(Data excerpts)
»»

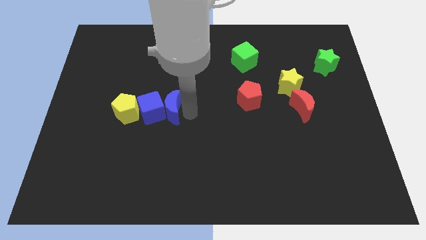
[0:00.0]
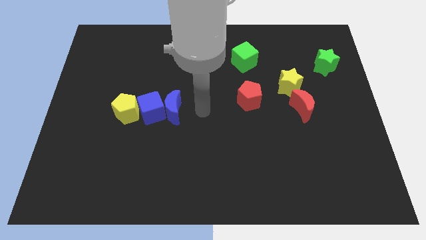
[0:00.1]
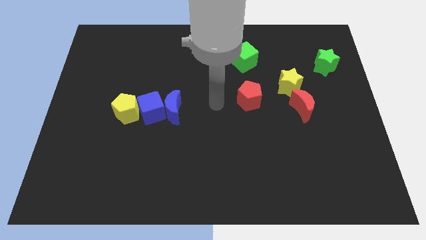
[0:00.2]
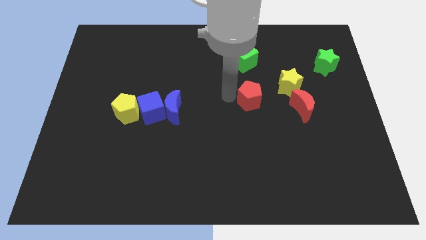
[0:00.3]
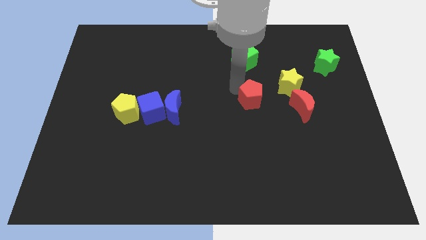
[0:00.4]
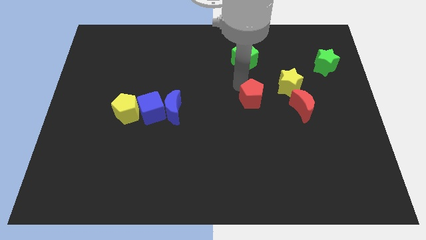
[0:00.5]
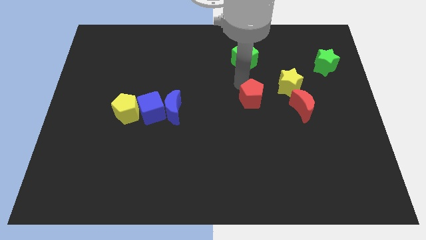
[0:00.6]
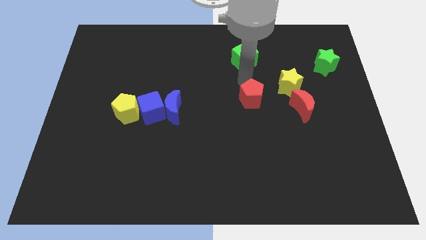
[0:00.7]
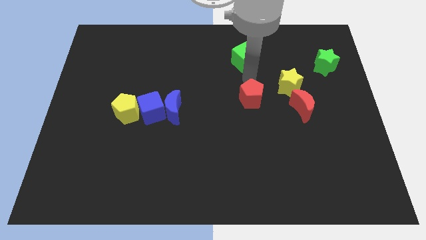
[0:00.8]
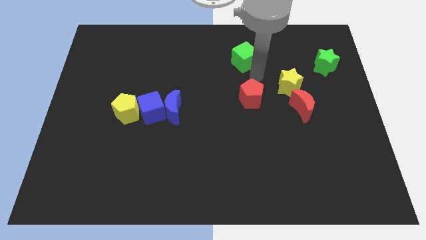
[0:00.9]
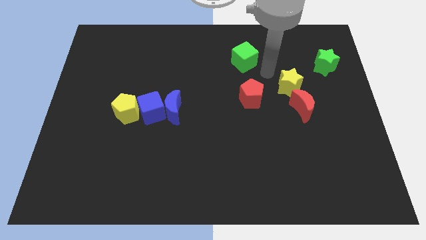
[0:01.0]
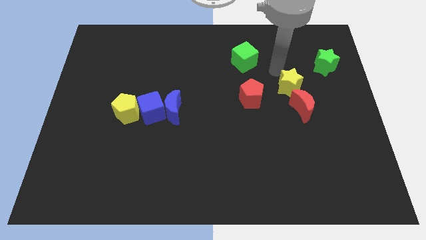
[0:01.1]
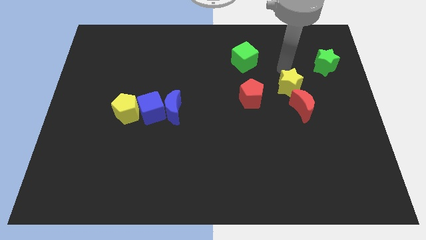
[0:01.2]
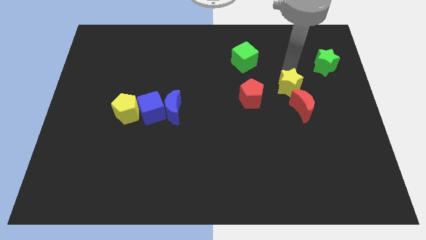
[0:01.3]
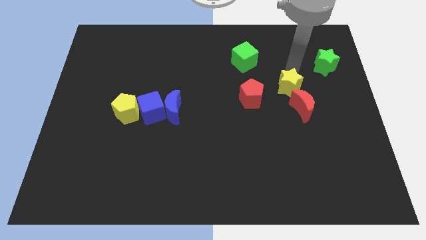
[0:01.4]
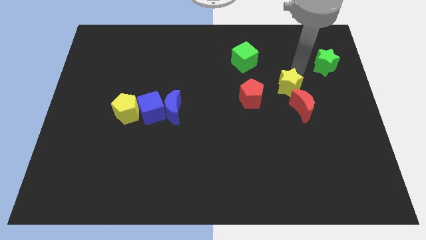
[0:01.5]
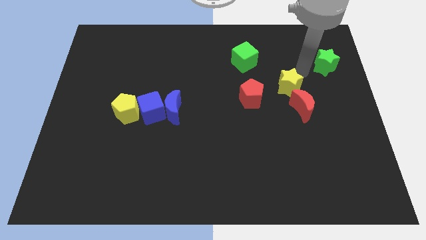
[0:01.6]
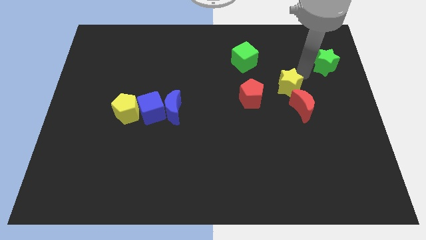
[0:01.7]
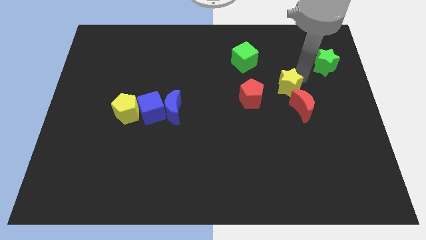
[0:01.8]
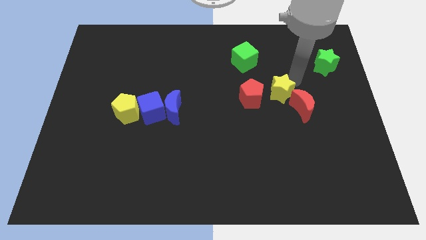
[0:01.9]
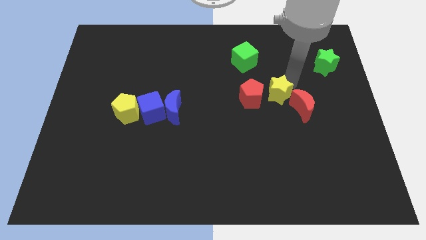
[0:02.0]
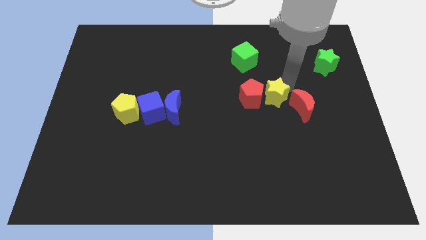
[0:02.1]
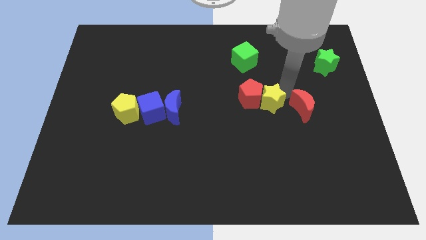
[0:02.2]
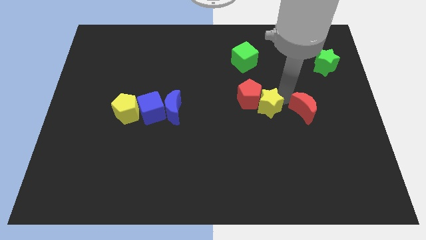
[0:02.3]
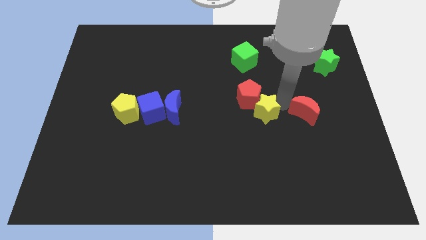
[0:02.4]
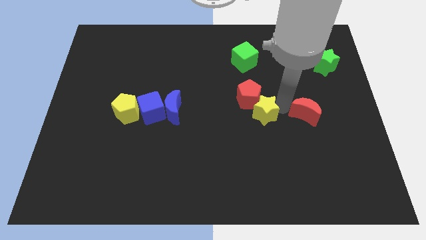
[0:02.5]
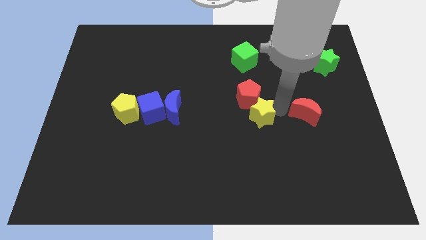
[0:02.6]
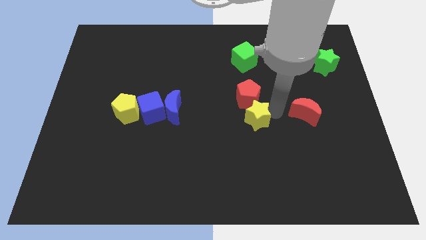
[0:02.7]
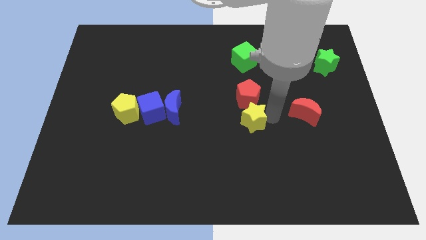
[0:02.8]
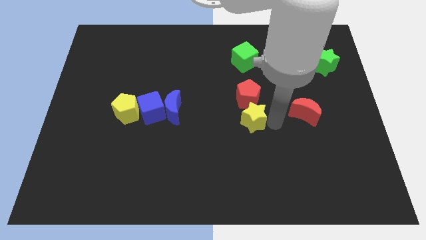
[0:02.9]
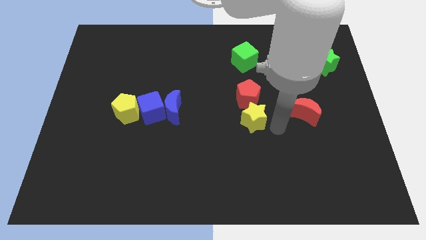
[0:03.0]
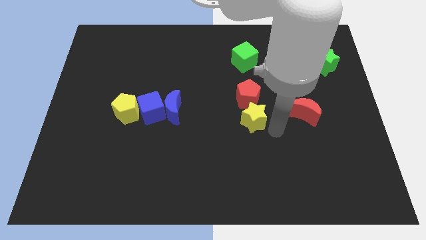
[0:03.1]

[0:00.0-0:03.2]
move the yellow star at the bottom side of the red pentagon

««

## Problem
Each line of the data needs to be output exactly, with any image excluded.

## Solution for this exercise
[0:00.0]
[0:00.1]
[0:00.2]
[0:00.3]
[0:00.4]
[0:00.5]
[0:00.6]
[0:00.7]
[0:00.8]
[0:00.9]
[0:01.0]
[0:01.1]
[0:01.2]
[0:01.3]
[0:01.4]
[0:01.5]
[0:01.6]
[0:01.7]
[0:01.8]
[0:01.9]
[0:02.0]
[0:02.1]
[0:02.2]
[0:02.3]
[0:02.4]
[0:02.5]
[0:02.6]
[0:02.7]
[0:02.8]
[0:02.9]
[0:03.0]
[0:03.1]

[0:00.0-0:03.2]
move the yellow star at the bottom side of the red pentagon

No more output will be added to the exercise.